# Making good of a bad situation



## Plumbersteve (Jan 25, 2011)

Hey wanted us to bid putting the fixtures in their DIY bathroom remodel, but we told them that we wouldn't do it without completely redoing the DWV system. 

Here is day one. 

Also, there is a pic of the water line out of the well tank. Radiator hose to what appears to be a flexible gas connector. Sheesh...


----------



## Mississippiplum (Sep 30, 2011)

That has to be some of the worst hackery we have seen on here, I think
I need a drink.

sent from the jobsite porta-potty


----------



## justin (May 14, 2010)

whoa ! thats ghetto !


----------



## Widdershins (Feb 5, 2011)

Mississippiplum said:


> That has to be some of the worst hackery we have seen on here, I think
> I need a drink.
> 
> sent from the jobsite porta-potty


What is this the legal drinking age out there in the swamp, Mrs. Pissy?


----------



## Mississippiplum (Sep 30, 2011)

Widdershins said:


> What is this the legal drinking age out there in the swamp, Mrs. Pissy?


There's a legal drinkin' age?

sent from the jobsite porta-potty


----------



## bartnc37 (Feb 24, 2009)

Don't ya just love those. But the worst part is they worked for the last how many odd years. I can barely count how many showers I've seen hooked up with garden hose and hose clamps, radiator hose drains, etc but they all worked for a while at least


----------



## Widdershins (Feb 5, 2011)

Mississippiplum said:


> There's a legal drinkin' age?
> 
> sent from the jobsite porta-potty


Don't get smart-alecky with me, Mrs. Pissy.

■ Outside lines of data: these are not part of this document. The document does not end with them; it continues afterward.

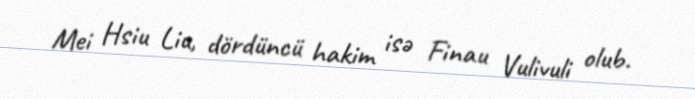
Mei Hsiu Liu, dördüncü hakim isə Finau Vulivuli olub.
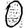
Digit: 0
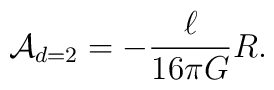
{\cal A}_{d=2} = -\frac{\ell}{16 \pi G}R.
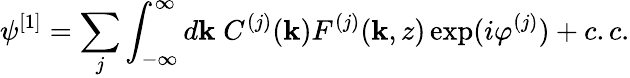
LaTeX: \psi^{[1]}=\sum_{j}\int_{-\infty}^{\infty}d\mathbf{k}\; C^{(j)}(\mathbf{k})F^{(j)}(\mathbf{k},z)\exp(i\varphi^{(j)})+c.c.
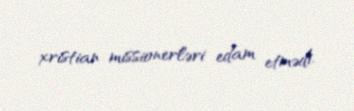
xristian missionerləri edam etmədi.
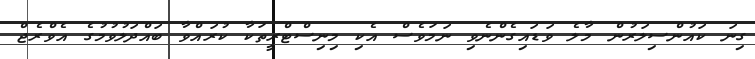
ގިނަ ކައުންސިލަރުން މާލެ ވަޑައިގެންނެވި ނަމަވެސް އެކި މިނިސްޓްރީތަކާ ކުރައްވާ ބައްދަލުވުމުގެ އެވްރެޖް
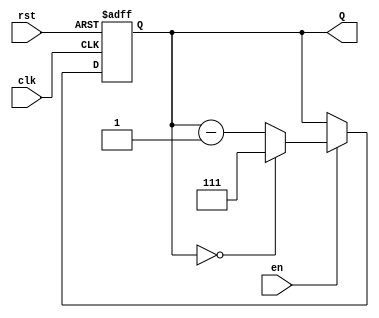
module down_counter (
    input wire clk,      // Clock signal
    input wire rst,      // Asynchronous reset
    input wire en,       // Enable signal
    output reg [2:0] Q   // 3-bit output count
);

// Maximum count value for a 3-bit counter is 7 (111 in binary)
localparam MAX_COUNT = 3'b111;

// Asynchronous reset logic
always @(posedge clk or posedge rst) begin
    if (rst) begin
        Q <= MAX_COUNT; // Initialize counter to maximum value on reset
    end else if (en) begin
        if (Q == 3'b000) begin
            Q <= MAX_COUNT; // Wrap around to maximum count
        end else begin
            Q <= Q - 1; // Decrement the counter
        end
    end
    // If enable is low, Q holds its value
end

endmodule
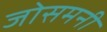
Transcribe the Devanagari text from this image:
जोसमनी
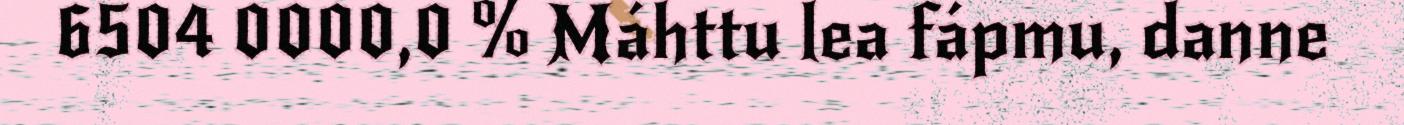
6504 0000,0 % Máhttu lea fápmu, danne
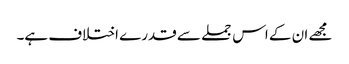
مجھے ان کے اس جملے سے قدرے اختلاف ہے۔
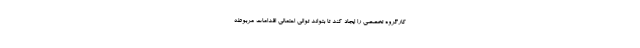
کارگروه تخصصی را ایجاد کند تا بتواند توالی احتمالی اقدامات مربوطه
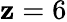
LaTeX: \mathbf{z}=6
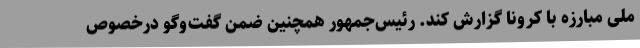
ملی مبارزه با کرونا گزارش کند. رئیس‌جمهور همچنین ضمن گفت‌وگو درخصوص
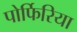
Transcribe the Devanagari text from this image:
पोर्फिरिया
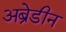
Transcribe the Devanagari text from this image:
अब्रेडीन
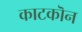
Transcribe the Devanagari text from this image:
काटकॊन
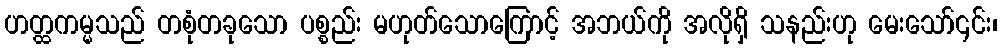
ဟတ္ထကမ္မသည် တစုံတခုသော ပစ္စည်း မဟုတ်သောကြောင့် အဘယ်ကို အလိုရှိ သနည်းဟု မေးသော်၎င်း၊
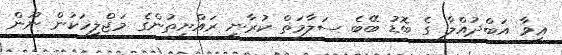
އީވާ އަބްދުއްލާ ގެ ބޮޑު ބޭބެ ސަލާމަތް ކުރާނީ ރައްޔިތުންގެ މަޖްލީހަކުން ނޫން
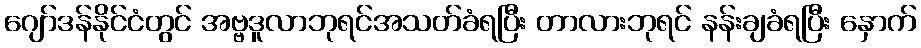
ဂျော်ဒန်နိုင်ငံတွင် အဗ္ဗဒူလာဘုရင်အသတ်ခံရပြီး တာလားဘုရင် နန်းချခံရပြီး နှောက်
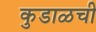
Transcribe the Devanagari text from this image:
कुडाळची
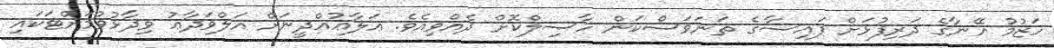
ހަޒުމު އޭނާގެ ދަރިފުޅަށް ފައިސާގެ ތަނަވަސްކަން ހާޞިލްކޮށް ދެއްވިއެވެ. ޢަލާޢުއްދީނަށް އަލްވަދާޢު ވިދާޅުވުމަށްޓަކައި
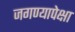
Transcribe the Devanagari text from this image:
जगण्यापेक्षा
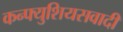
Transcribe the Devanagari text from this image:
कन्फ्युशियसवादी
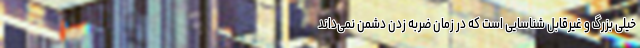
خیلی بزرگ و غیرقابل شناسایی است که در زمان ضربه زدن دشمن نمی‌داند
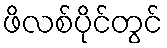
ဖိလစ်ပိုင်တွင်
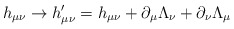
\begin{align*}h_{\mu\nu} \rightarrow h'_{\mu\nu} = h_{\mu\nu} + \partial_\mu \Lambda_\nu+ \partial_\nu \Lambda_\mu\end{align*}
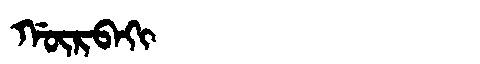
Manchu: ᡤᡡᡵᠪᠠᡴᡳ
Romanization: GŪRBAKI
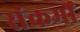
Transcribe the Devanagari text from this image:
संकर्मों
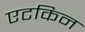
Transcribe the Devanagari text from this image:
एटकिन
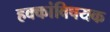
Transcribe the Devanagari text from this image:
हक्कांविषयक
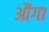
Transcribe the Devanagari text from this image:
औंगा
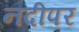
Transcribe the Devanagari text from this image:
नदीपर
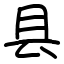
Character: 县
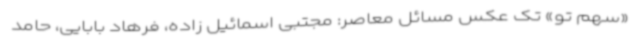
«سهم تو» تک عکس مسائل معاصر: مجتبی اسمائیل زاده، فرهاد بابایی، حامد
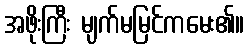
အဖိုးကြီး မျက်မမြင်ကမေး၏။
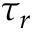
\tau _ { r }
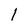
Character: 1
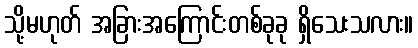
သို့မဟုတ် အခြားအကြောင်းတစ်ခုခု ရှိသေးသလား။
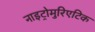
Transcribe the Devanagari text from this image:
नाइट्रोमुरिएटिक
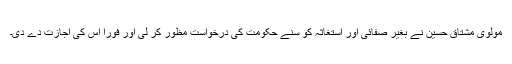
مولوی مشتاق حسین نے بغیر صفائی اور استغاثہ کو سنے حکومت کی درخواست مظور کر لی اور فوراََ اس کی اجازت دے دی۔
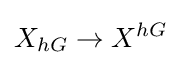
X_{hG}\to X^{hG}
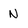
Character: N
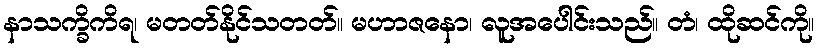
နာသက္ခိကိရ၊ မတတ်နိုင်သတတ်။ မဟာဇနော၊ လူအပေါင်းသည်။ တံ၊ ထိုဆင်ကို။
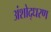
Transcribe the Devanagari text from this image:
अंशोद्धरण
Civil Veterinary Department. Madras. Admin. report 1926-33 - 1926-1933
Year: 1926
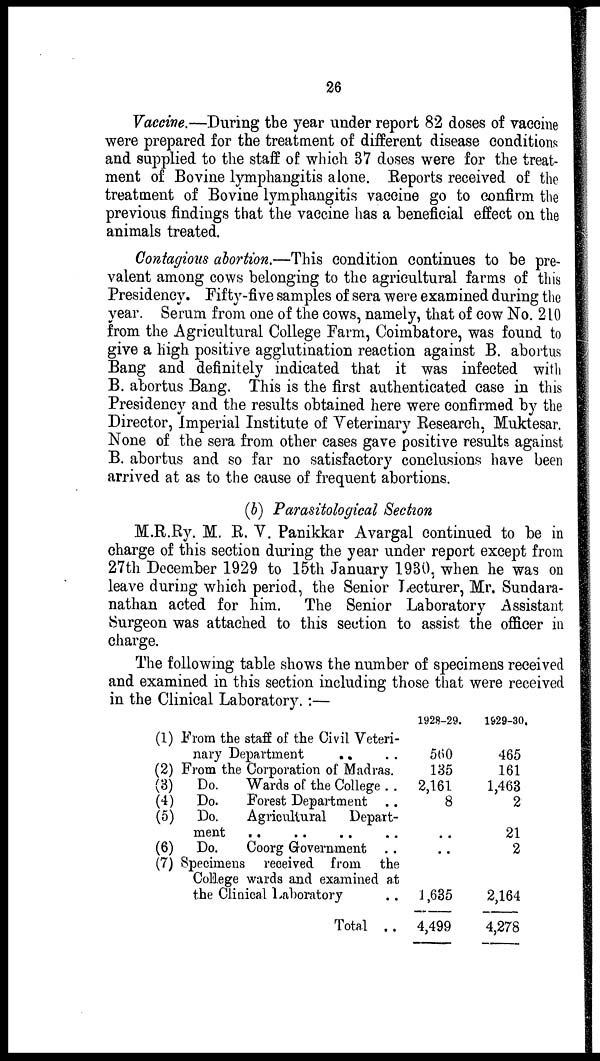
26
Vaccine.—During the year under report 82 doses of vaccine
were prepared for the treatment of different disease conditions
and supplied to the staff of which 37 doses were for the treat-
ment of Bovine lymphangitis alone. Reports received of the
treatment of Bovine lymphangitis vaccine go to confirm the
previous findings that the vaccine has a beneficial effect on the
animals treated.
Contagious abortion.—This condition continues to be pre-
valent among cows belonging to the agricultural farms of this
Presidency. Fifty-five samples of sera were examined during the
year. Serum from one of the cows, namely, that of cow No. 210
from the Agricultural College Farm, Coimbatore, was found to
give a high positive agglutination reaction against B. abortus
Bang and definitely indicated that it was infected with
B. abortus Bang. This is the first authenticated case in this
Presidency and the results obtained here were confirmed by the
Director, Imperial Institute of Veterinary Research, Muktesar.
None of the sera from other cases gave positive results against
B. abortus and so far no satisfactory conclusions have been
arrived at as to the cause of frequent abortions.
(b) Parasitological Section
M.R.Ry. M. R. V. Panikkar Avargal continued to be in
charge of this section during the year under report except from
27th December 1929 to 15th January 1930, when he was on
leave during which period, the Senior Lecturer, Mr. Sundara-
nathan acted for him. The Senior Laboratory Assistant
Surgeon was attached to this section to assist the officer in
charge.
The following table shows the number of specimens received
and examined in this section including those that were received
in the Clinical Laboratory.:—
(1) From the staff of the Civil Veteri-
nary Department
..
(2) From the Corporation of Madras.
(3)
Do.
Wards of the College . .
(4) Do.
Forest Department
(5) Do.
Agricultural
Depart-
ment .. .. .. ..
(6) Do.
Coorg Government . .
(7) Specimens received from the
College wards and examined at
the Clinical Laboratory ..
Total ..
1928-29.
560
135
2,161
8
..
..
1 ,635
4,499
1929-30.
465
161
1,463
2
21
2
2,164
4,278
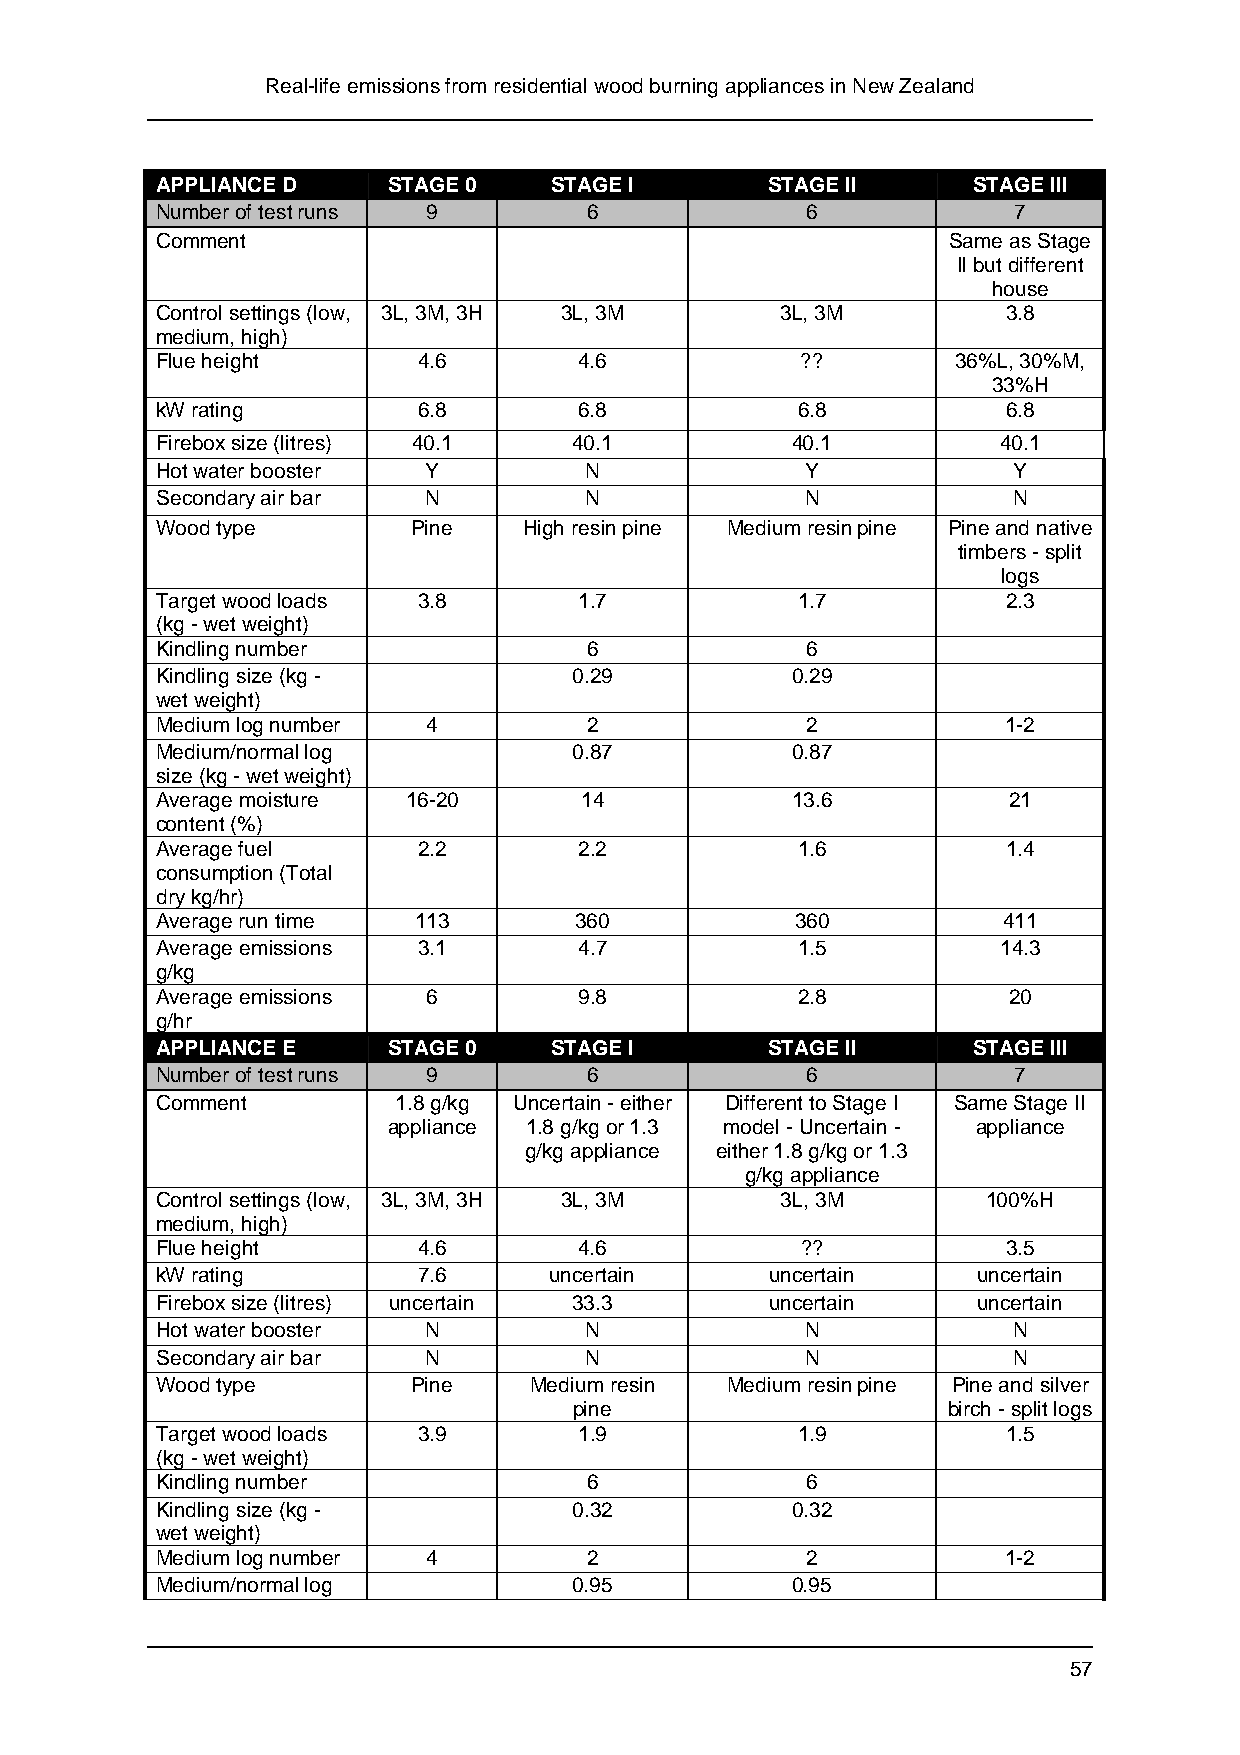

FWIW, it would be a shame to see you pickle your brain and your liver like I have before you've even lived.


----------



## Mississippiplum (Sep 30, 2011)

Widdershins said:


> Don't get smart-alecky with me, Mrs. Pissy.
> 
> FWIW, it would be a shame to see you pickle your brain and your liver like I have before you've even lived.


I meant in a joking way, I never had a drink, and won't till I legally can, and still probly won't drink.

sent from the jobsite porta-potty


----------



## user2090 (Sep 26, 2009)

Mississippiplum said:


> I meant in a joking way, I never had a drink, and won't till I legally can, and still probly won't drink.
> 
> sent from the jobsite porta-potty


Ha, age limits never stopped me and my friends. Someone always had a older brother, uncle, cousin or whatever. :thumbup:

As for the work in the pictures, well, sucks is a good word. I like the way the clean up was headed.


----------



## love2surf927 (Dec 22, 2011)

True craftsmanship there!:laughing:


----------



## MarkToo (Dec 17, 2011)

We get fed beer in bottles with nipples right after we're born up here.

Anyhow, nice mess you've got to fix there. That'll keep you busy for a couple hours...


----------



## AKdaplumba (Jan 12, 2010)

come on! It's not that bad lol


----------



## ChrisConnor (Dec 31, 2009)

Widdershins said:


> Don't get smart-alecky with me, Mrs. Pissy.
> 
> FWIW, it would be a shame to see you pickle your brain and your liver like I have before you've even lived.


Wha? He's gonna live??


----------



## U666A (Dec 11, 2010)

At least I used heat trace... right guys!?! :Whistling2:


----------



## Plumbersteve (Jan 25, 2011)

Wow guys, really relevant stuff you've got to say there...drinking age...thanks for that...

As far as the job goes(which is what this thread is about), the funny thing is that it didn't really work. The two long runs of 3" ABS weren't hung at all, unless you count the rock ledge that supported the 90. So, both of those runs had huge dips that were filled with waste always. The first pic shows the worst spot. That Fernco was at the bottom of a dip. To the right was where the drain goes out through the foundation.


----------



## Tommy plumber (Feb 19, 2010)

At least there is enough room in the basement to work, not a little tiny crawlspace. See any rats?


----------